I'm also having this issue. The Hypervisors job is stuck at 17%. I killed all of these running jobs manually then started it again by resetting the virt-who service but the issue remains. This is the output from the Raw tab of the task.

Id: 5d37625e-01df-4dc9-8195-aed95d3c1915
Label: Actions::Katello::Host::Hypervisors
Duration: about 2 hours
Raw input: {"services_checked"=>["candlepin", "candlepin_auth"],
"hypervisors"=>Step(3).output[:hypervisors]}
Raw output: {}
External Id: 61751a58-3abc-445c-911e-7a0ddd74b04a

#23 Updated by Kart Nico over 2 years ago

Hi,

I have the same problem on my Production environment > Katello 3.4.4 and also after update on Katello 3.4.5.

On my QA environment (only 2 RHEL registered) it works. > Katello 3.4.5

Regards,

Nicolas

#24 Updated by Kart Nico over 2 years ago

Kart Nico wrote:

Hi,

I have the same problem on my Production environment > Katello 3.4.4 and also after update on Katello 3.4.5.

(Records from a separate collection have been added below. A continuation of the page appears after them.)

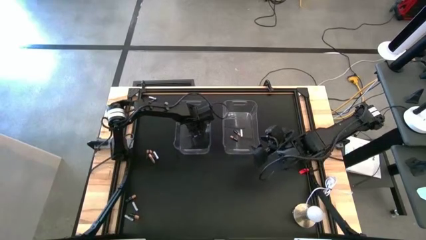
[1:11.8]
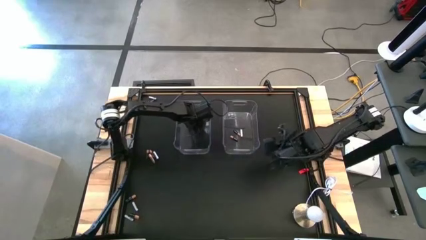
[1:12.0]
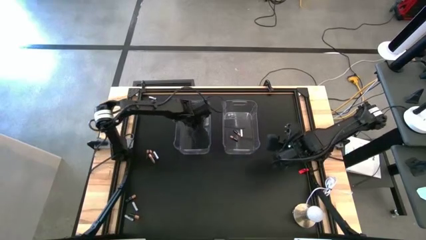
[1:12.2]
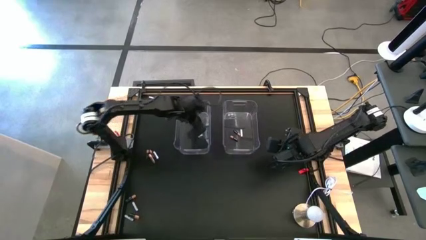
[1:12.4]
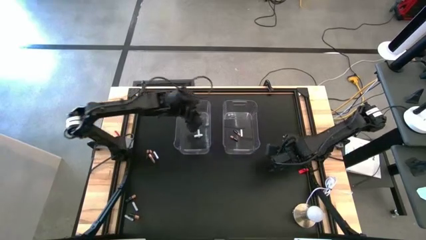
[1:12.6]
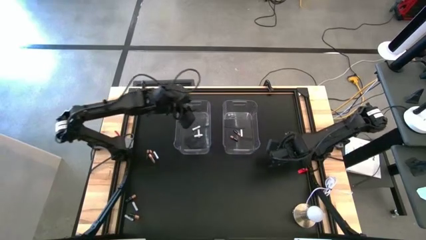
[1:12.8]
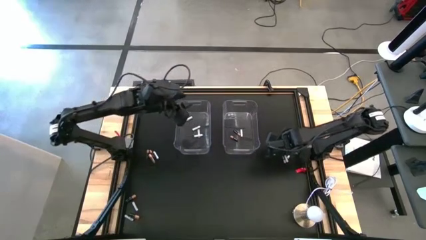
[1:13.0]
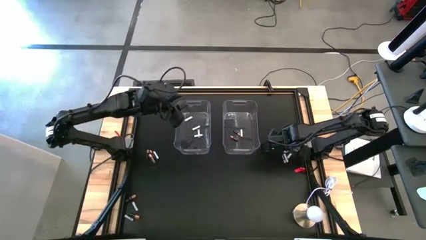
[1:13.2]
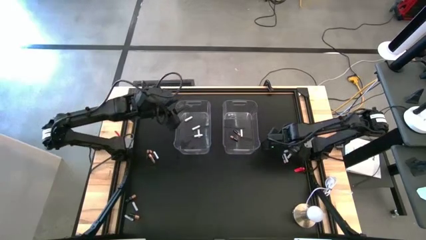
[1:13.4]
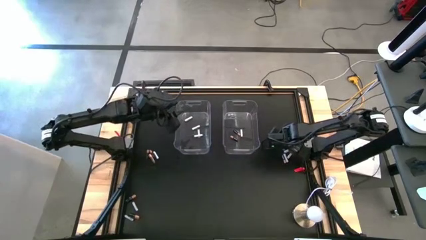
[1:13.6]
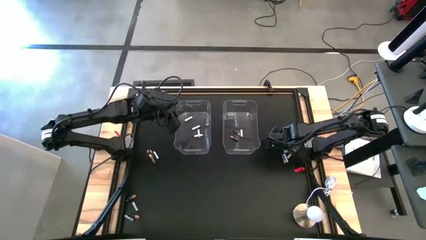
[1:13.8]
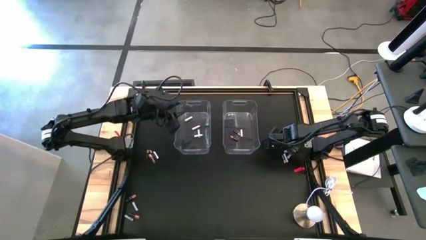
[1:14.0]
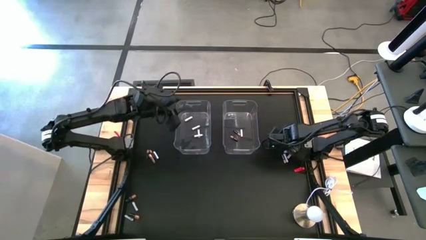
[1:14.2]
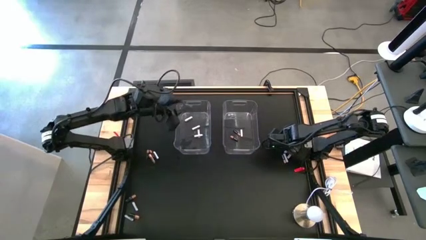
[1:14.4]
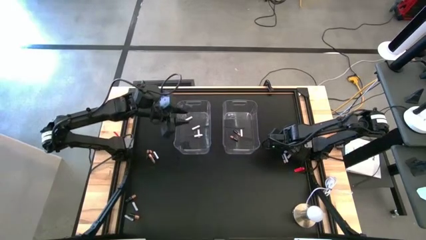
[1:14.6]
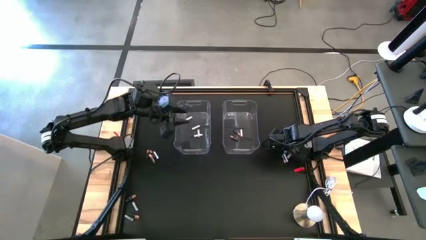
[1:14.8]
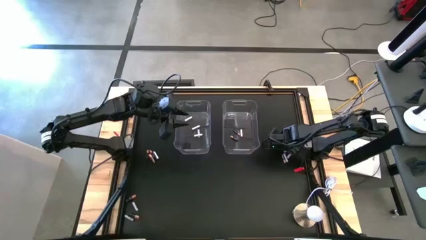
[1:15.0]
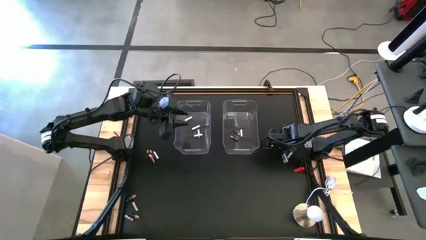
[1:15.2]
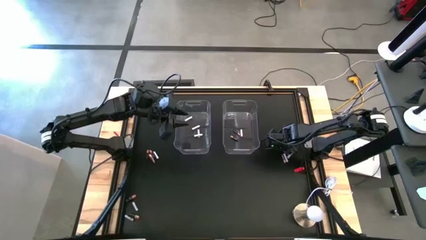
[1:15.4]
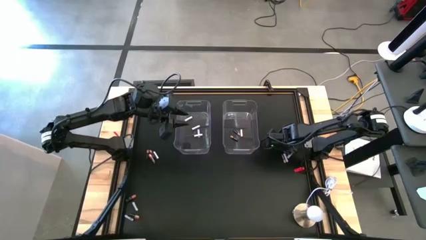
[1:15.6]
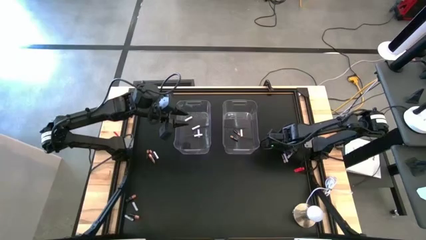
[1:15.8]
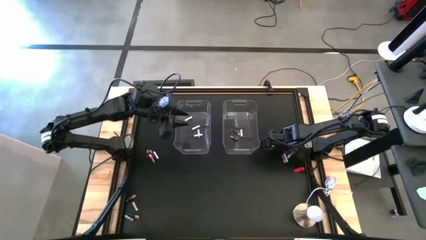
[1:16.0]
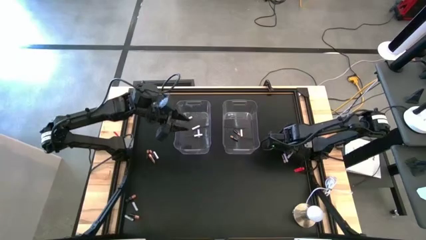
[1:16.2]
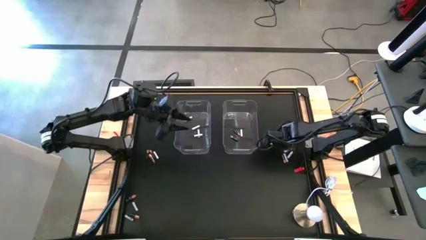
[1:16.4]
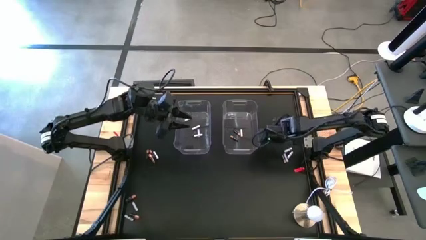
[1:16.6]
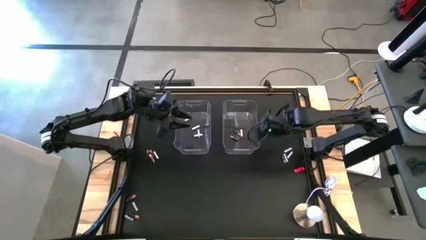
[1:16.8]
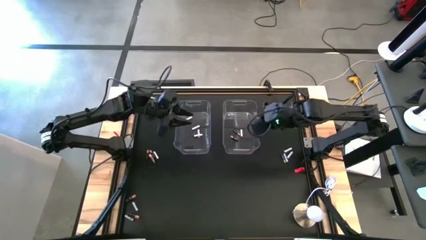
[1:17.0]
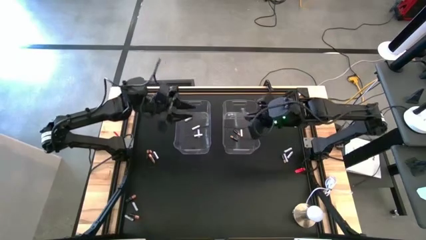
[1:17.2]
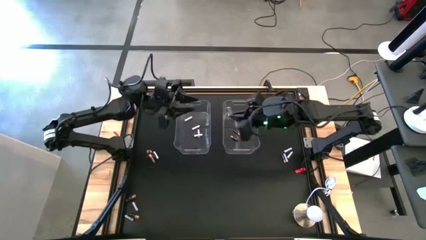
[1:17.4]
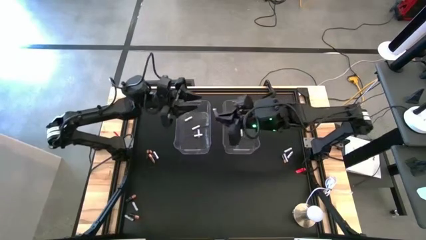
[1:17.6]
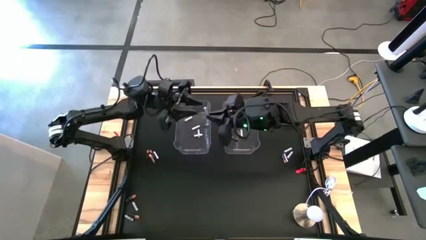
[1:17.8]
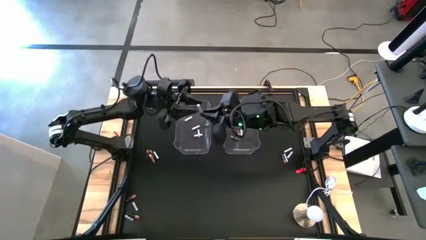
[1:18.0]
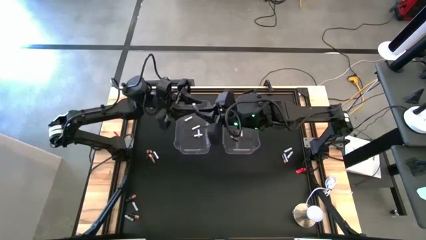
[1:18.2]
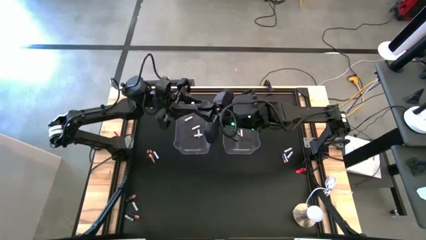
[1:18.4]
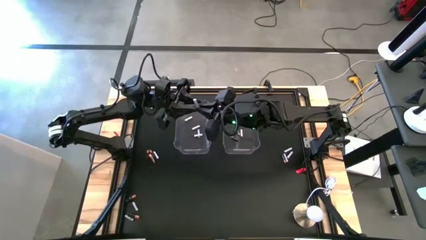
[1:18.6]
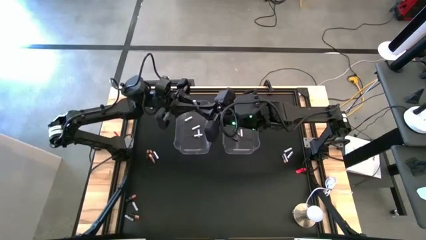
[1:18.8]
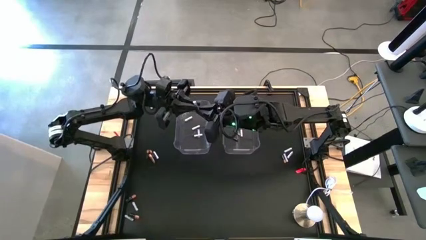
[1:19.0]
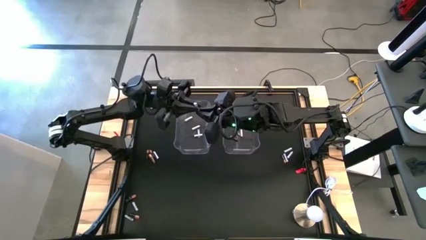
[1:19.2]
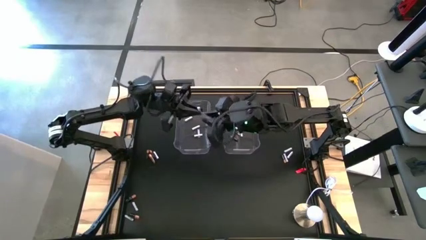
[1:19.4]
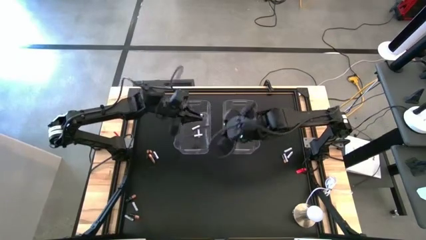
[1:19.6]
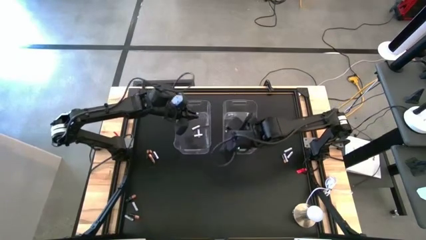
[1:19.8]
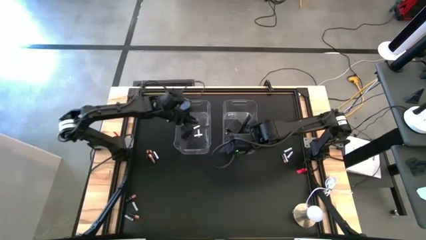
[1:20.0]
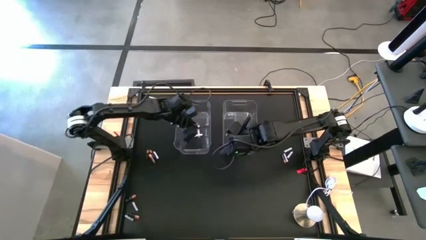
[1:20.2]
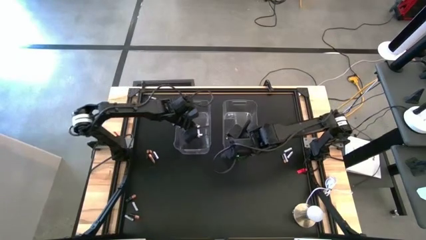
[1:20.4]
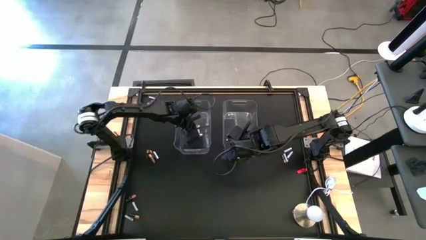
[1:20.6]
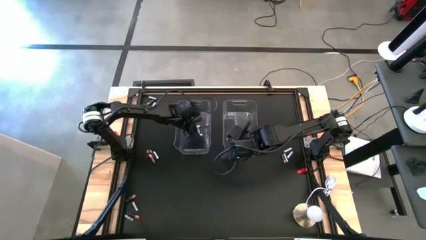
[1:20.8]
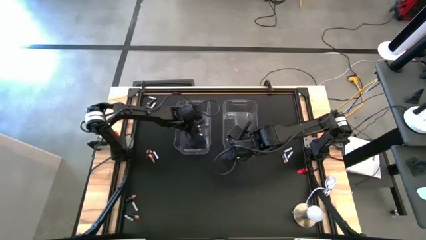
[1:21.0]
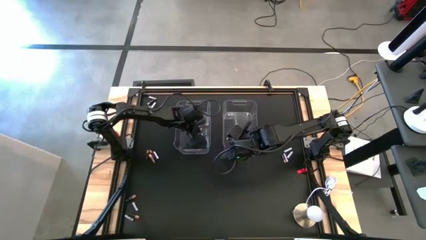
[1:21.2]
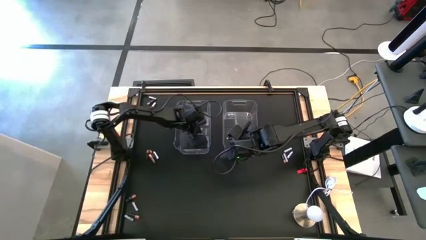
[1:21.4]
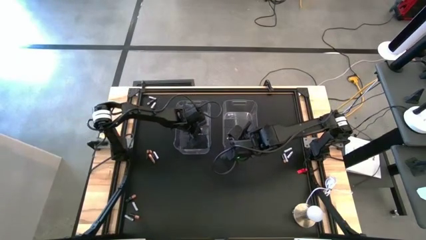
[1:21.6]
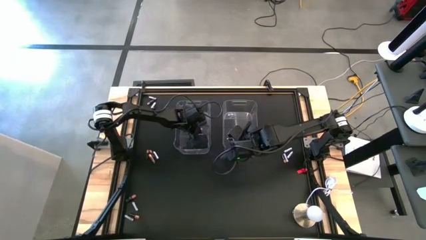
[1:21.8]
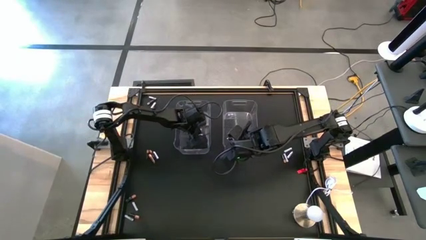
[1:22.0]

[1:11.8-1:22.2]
Task: Sort batteries
Put the white battery into the left transparent bin

On my QA environment (only 2 RHEL registered) it works. > Katello 3.4.5

Regards,

Nicolas

My products versions :

CentOS Linux release 7.3.1611 (Core)
virt-who 0.17-11.el7_3
katello 3.4.5-1.el7
candlepin 2.0.40-1.el7

The Hypervisors job is stuck also at 17%.

Regards,

Nicolas

#25 Updated by Vritant Jain over 2 years ago

Kart, any chance I can get a hand on a copy of your database? would help me to investigate further and verify any fix.

Kart Nico wrote:

Kart Nico wrote:

Hi,

I have the same problem on my Production environment > Katello 3.4.4 and also after update on Katello 3.4.5.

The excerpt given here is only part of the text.